Varsovie exige le respect des traités et refuse de payer les astreintes imposées par la CJUE
Olivier Bault nous propose une trilogie traitant de l'actualité des conflits entre la Commission européenne, la CJUE et les États membres s'opposant au gouvernement des juges européens. Varsovie, Bucarest et Budapest sont particulièrement dans le viseur des instances bruxelloises sur cette question, alors que les décisions des juges constitutionnels français et allemands similaires à celles des cours polonaise, roumaine et hongroise ne suscitent pas de conflit. La première partie de cette trilogie est consacrée aux différends de plus en plus profonds entre la Pologne et la CJUE.
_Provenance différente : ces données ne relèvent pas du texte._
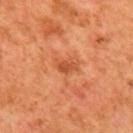The lesion was photographed on a routine skin check and not biopsied; there is no pathology result. Automated image analysis of the tile measured a footprint of about 3.5 mm² and two-axis asymmetry of about 0.35. It also reported an average lesion color of about L≈51 a*≈32 b*≈41 (CIELAB) and a normalized border contrast of about 6.5. It also reported a border-irregularity index near 3/10, internal color variation of about 1.5 on a 0–10 scale, and peripheral color asymmetry of about 0.5. And it measured an automated nevus-likeness rating near 0 out of 100 and a lesion-detection confidence of about 100/100. A 15 mm crop from a total-body photograph taken for skin-cancer surveillance. The lesion is on the back. The patient is a male aged around 65. Imaged with cross-polarized lighting.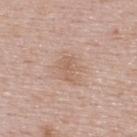<case>
  <biopsy_status>not biopsied; imaged during a skin examination</biopsy_status>
  <patient>
    <sex>female</sex>
    <age_approx>50</age_approx>
  </patient>
  <image>
    <source>total-body photography crop</source>
    <field_of_view_mm>15</field_of_view_mm>
  </image>
  <site>upper back</site>
</case>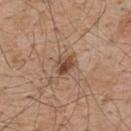Q: Was a biopsy performed?
A: catalogued during a skin exam; not biopsied
Q: What lighting was used for the tile?
A: white-light illumination
Q: What are the patient's age and sex?
A: male, roughly 55 years of age
Q: What is the anatomic site?
A: the upper back
Q: What is the imaging modality?
A: 15 mm crop, total-body photography
Q: Lesion size?
A: ≈2.5 mm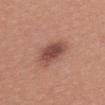Part of a total-body skin-imaging series; this lesion was reviewed on a skin check and was not flagged for biopsy. Longest diameter approximately 5 mm. A close-up tile cropped from a whole-body skin photograph, about 15 mm across. Automated tile analysis of the lesion measured a footprint of about 9.5 mm², an outline eccentricity of about 0.9 (0 = round, 1 = elongated), and a symmetry-axis asymmetry near 0.2. The analysis additionally found a border-irregularity rating of about 2.5/10, a within-lesion color-variation index near 5/10, and radial color variation of about 1.5. The software also gave a nevus-likeness score of about 60/100 and a lesion-detection confidence of about 100/100. A female patient roughly 20 years of age. The lesion is located on the upper back.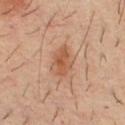Part of a total-body skin-imaging series; this lesion was reviewed on a skin check and was not flagged for biopsy.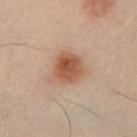Clinical impression: The lesion was photographed on a routine skin check and not biopsied; there is no pathology result. Background: Longest diameter approximately 3.5 mm. This is a cross-polarized tile. An algorithmic analysis of the crop reported an area of roughly 10 mm², an eccentricity of roughly 0.4, and a shape-asymmetry score of about 0.15 (0 = symmetric). It also reported an average lesion color of about L≈43 a*≈18 b*≈26 (CIELAB) and a lesion–skin lightness drop of about 10. The analysis additionally found a border-irregularity index near 1.5/10, a within-lesion color-variation index near 4/10, and peripheral color asymmetry of about 1. On the left lower leg. A 15 mm close-up extracted from a 3D total-body photography capture. The patient is a male approximately 50 years of age.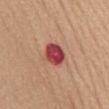Q: Is there a histopathology result?
A: total-body-photography surveillance lesion; no biopsy
Q: Patient demographics?
A: female, aged approximately 60
Q: Lesion size?
A: ≈3 mm
Q: Where on the body is the lesion?
A: the front of the torso
Q: Illumination type?
A: white-light illumination
Q: What kind of image is this?
A: 15 mm crop, total-body photography
Q: What did automated image analysis measure?
A: a lesion-to-skin contrast of about 12.5 (normalized; higher = more distinct); a within-lesion color-variation index near 6.5/10 and peripheral color asymmetry of about 2.5; an automated nevus-likeness rating near 0 out of 100 and lesion-presence confidence of about 100/100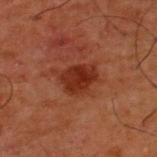workup: total-body-photography surveillance lesion; no biopsy | subject: male, in their 50s | site: the back | image: ~15 mm crop, total-body skin-cancer survey | illumination: cross-polarized.

Les limites de la juridiction de la CJUE et des compétences des institutions européennes sont aujourd’hui en train d’être tracées avec les conflits en cours impliquant tout particulièrement trois pays et leurs cours constitutionnelles : la Pologne, la Hongrie et la Roumanie. Il s’agit là de pays bénéficiaires nets des fonds européens, et on se dit sans doute à Bruxelles qu’il sera plus facile de les faire plier que de faire reculer le Tribunal constitutionnel allemand. L’Allemagne ayant désormais un gouvernement avec un programme de coalition ouvertement eurofédéraliste, Berlin se chargera probablement de remettre de l’ordre dans son Tribunal constitutionnel qui a refusé, dans un jugement rendu en mai 2020, de reconnaître la validité en Allemagne d’une décision de la CJUE validant le programme d’achat de titres de dette souveraine par la BCE.
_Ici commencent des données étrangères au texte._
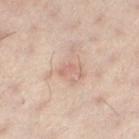Q: Is there a histopathology result?
A: catalogued during a skin exam; not biopsied
Q: What lighting was used for the tile?
A: cross-polarized illumination
Q: Where on the body is the lesion?
A: the left lower leg
Q: Automated lesion metrics?
A: a lesion area of about 2.5 mm², an eccentricity of roughly 0.9, and a symmetry-axis asymmetry near 0.5; a border-irregularity index near 4.5/10, a within-lesion color-variation index near 0/10, and a peripheral color-asymmetry measure near 0
Q: What is the lesion's diameter?
A: ~2.5 mm (longest diameter)
Q: What is the imaging modality?
A: 15 mm crop, total-body photography
Q: What are the patient's age and sex?
A: female, roughly 30 years of age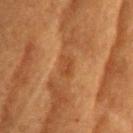- notes: catalogued during a skin exam; not biopsied
- subject: female, aged around 80
- automated lesion analysis: a border-irregularity index near 2.5/10, a color-variation rating of about 2/10, and radial color variation of about 0.5
- size: ~2.5 mm (longest diameter)
- lighting: cross-polarized
- image: ~15 mm crop, total-body skin-cancer survey
- anatomic site: the head or neck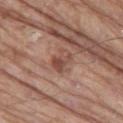<case>
  <image>
    <source>total-body photography crop</source>
    <field_of_view_mm>15</field_of_view_mm>
  </image>
  <lighting>white-light</lighting>
  <lesion_size>
    <long_diameter_mm_approx>3.0</long_diameter_mm_approx>
  </lesion_size>
  <patient>
    <sex>male</sex>
    <age_approx>80</age_approx>
  </patient>
  <site>left thigh</site>
</case>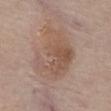Q: Was this lesion biopsied?
A: no biopsy performed (imaged during a skin exam)
Q: Automated lesion metrics?
A: a within-lesion color-variation index near 4.5/10 and peripheral color asymmetry of about 1.5; a classifier nevus-likeness of about 30/100 and a lesion-detection confidence of about 100/100
Q: What is the imaging modality?
A: ~15 mm crop, total-body skin-cancer survey
Q: Where on the body is the lesion?
A: the abdomen
Q: Patient demographics?
A: male, aged approximately 85 or older
Q: How was the tile lit?
A: white-light
Q: How large is the lesion?
A: ≈7 mm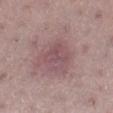Imaged with white-light lighting. A lesion tile, about 15 mm wide, cut from a 3D total-body photograph. On the right lower leg. A female patient, roughly 45 years of age. The recorded lesion diameter is about 3.5 mm.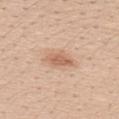biopsy status = imaged on a skin check; not biopsied | subject = female, in their mid- to late 20s | size = ~3.5 mm (longest diameter) | acquisition = total-body-photography crop, ~15 mm field of view | body site = the front of the torso | TBP lesion metrics = a lesion area of about 5 mm² and two-axis asymmetry of about 0.25; a mean CIELAB color near L≈62 a*≈21 b*≈32, about 10 CIELAB-L* units darker than the surrounding skin, and a normalized border contrast of about 7; an automated nevus-likeness rating near 75 out of 100.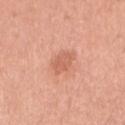No biopsy was performed on this lesion — it was imaged during a full skin examination and was not determined to be concerning. Imaged with white-light lighting. The patient is a female aged around 35. Located on the right upper arm. Cropped from a whole-body photographic skin survey; the tile spans about 15 mm.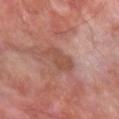The lesion was tiled from a total-body skin photograph and was not biopsied. Cropped from a total-body skin-imaging series; the visible field is about 15 mm. The subject is a male aged 63–67. Located on the left forearm.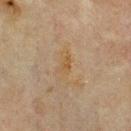The recorded lesion diameter is about 2.5 mm. Captured under cross-polarized illumination. A male patient aged approximately 70. On the chest. The lesion-visualizer software estimated an area of roughly 2.5 mm², an outline eccentricity of about 0.8 (0 = round, 1 = elongated), and a symmetry-axis asymmetry near 0.5. The analysis additionally found roughly 5 lightness units darker than nearby skin. A 15 mm close-up tile from a total-body photography series done for melanoma screening.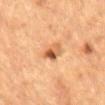{
  "biopsy_status": "not biopsied; imaged during a skin examination"
}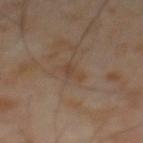This lesion was catalogued during total-body skin photography and was not selected for biopsy. The subject is a male in their mid-60s. Automated image analysis of the tile measured a border-irregularity rating of about 5.5/10, internal color variation of about 0 on a 0–10 scale, and radial color variation of about 0. This is a cross-polarized tile. Approximately 2.5 mm at its widest. A 15 mm close-up tile from a total-body photography series done for melanoma screening.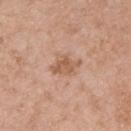The lesion was tiled from a total-body skin photograph and was not biopsied.
The lesion is on the left upper arm.
The tile uses white-light illumination.
A 15 mm close-up extracted from a 3D total-body photography capture.
A male subject roughly 80 years of age.
The lesion's longest dimension is about 4 mm.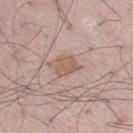The subject is a male about 55 years old.
This image is a 15 mm lesion crop taken from a total-body photograph.
Imaged with white-light lighting.
The recorded lesion diameter is about 3 mm.
From the right thigh.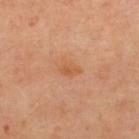body site = the upper back | subject = female, in their 40s | TBP lesion metrics = an area of roughly 4 mm² and a shape eccentricity near 0.75; an average lesion color of about L≈59 a*≈25 b*≈39 (CIELAB) and about 7 CIELAB-L* units darker than the surrounding skin; internal color variation of about 2 on a 0–10 scale and peripheral color asymmetry of about 0.5; a nevus-likeness score of about 5/100 | lighting = cross-polarized illumination | size = ~2.5 mm (longest diameter) | image = total-body-photography crop, ~15 mm field of view.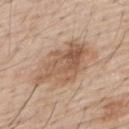Findings:
- workup: catalogued during a skin exam; not biopsied
- site: the upper back
- patient: male, aged 53–57
- lesion size: ~7.5 mm (longest diameter)
- image-analysis metrics: a border-irregularity rating of about 4.5/10, a within-lesion color-variation index near 6/10, and radial color variation of about 2.5
- image: ~15 mm crop, total-body skin-cancer survey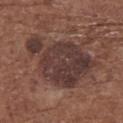notes=imaged on a skin check; not biopsied
subject=female, aged 73–77
location=the back
image source=15 mm crop, total-body photography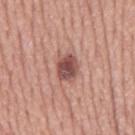| field | value |
|---|---|
| notes | catalogued during a skin exam; not biopsied |
| imaging modality | total-body-photography crop, ~15 mm field of view |
| patient | male, aged 73–77 |
| lesion diameter | ≈3.5 mm |
| body site | the back |
| automated lesion analysis | roughly 15 lightness units darker than nearby skin and a lesion-to-skin contrast of about 10 (normalized; higher = more distinct); lesion-presence confidence of about 100/100 |
| illumination | white-light illumination |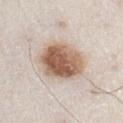Notes:
– site · the abdomen
– lesion size · about 6 mm
– image · ~15 mm crop, total-body skin-cancer survey
– patient · male, about 80 years old
– tile lighting · white-light illumination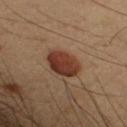notes = total-body-photography surveillance lesion; no biopsy | anatomic site = the right forearm | TBP lesion metrics = a lesion color around L≈28 a*≈19 b*≈23 in CIELAB, about 11 CIELAB-L* units darker than the surrounding skin, and a normalized lesion–skin contrast near 11.5; a classifier nevus-likeness of about 100/100 and lesion-presence confidence of about 100/100 | acquisition = ~15 mm crop, total-body skin-cancer survey | subject = male, aged approximately 55.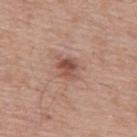biopsy status: no biopsy performed (imaged during a skin exam) | acquisition: total-body-photography crop, ~15 mm field of view | patient: male, roughly 55 years of age | body site: the mid back | lighting: white-light.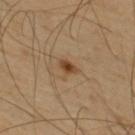The lesion was tiled from a total-body skin photograph and was not biopsied.
Automated image analysis of the tile measured a lesion area of about 3 mm² and an outline eccentricity of about 0.85 (0 = round, 1 = elongated). It also reported an average lesion color of about L≈43 a*≈19 b*≈34 (CIELAB), about 11 CIELAB-L* units darker than the surrounding skin, and a lesion-to-skin contrast of about 9.5 (normalized; higher = more distinct). It also reported a detector confidence of about 100 out of 100 that the crop contains a lesion.
Located on the upper back.
The tile uses cross-polarized illumination.
Cropped from a total-body skin-imaging series; the visible field is about 15 mm.
A male patient, roughly 65 years of age.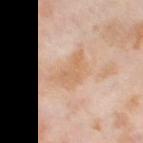Imaged during a routine full-body skin examination; the lesion was not biopsied and no histopathology is available.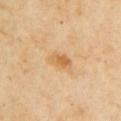The lesion was tiled from a total-body skin photograph and was not biopsied.
The lesion is on the left upper arm.
The patient is a female aged approximately 60.
The recorded lesion diameter is about 3 mm.
Automated tile analysis of the lesion measured a shape eccentricity near 0.8 and a symmetry-axis asymmetry near 0.2. It also reported a lesion color around L≈63 a*≈20 b*≈43 in CIELAB.
A region of skin cropped from a whole-body photographic capture, roughly 15 mm wide.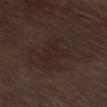  biopsy_status: not biopsied; imaged during a skin examination
  automated_metrics:
    eccentricity: 0.8
    shape_asymmetry: 0.65
    cielab_L: 22
    cielab_a: 14
    cielab_b: 15
    vs_skin_contrast_norm: 4.5
    border_irregularity_0_10: 7.5
    color_variation_0_10: 2.5
  lighting: white-light
  lesion_size:
    long_diameter_mm_approx: 4.0
  patient:
    sex: male
    age_approx: 70
  site: left lower leg
  image:
    source: total-body photography crop
    field_of_view_mm: 15

Les juges de Karlsruhe ont estimé que les États membres restent « maîtres des traités » et que c’est aux cours constitutionnelles nationales de contrôler les juges de Luxembourg quand ceux-ci prennent trop de libertés avec ces traités.
L’arrêt du 11 décembre 2018 de la CJUE sur les achats de dette souveraine par la BCE a ainsi été déclaré par les juges constitutionnels allemands ultra vires (au-delà des pouvoirs de la juridiction européenne) et, par conséquent, non applicable en Allemagne. Le 9 juin 2021, la Commission européenne ouvrait une procédure d’infraction contre l’Allemagne à propos de ce jugement, mais sans déclarations tonitruantes sur les violations de l’État de droit et des valeurs européennes et sur la remise en cause de la primauté du droit européen qui risquerait de faire vaciller tout l’édifice de l’intégration européenne. Et surtout sans accompagner cette procédure d’un chantage aux fonds européens comme avec la Pologne. Et pour cause ! L’Allemagne est le plus gros contributeur net au budget européen. Au contraire de la Pologne qui reste à ce jour le plus gros bénéficiaire net, en tout cas si l’on ne tient compte que du budget lui-même et pas de l’ensemble des flux financiers ni du marché des droits d’émission de CO2.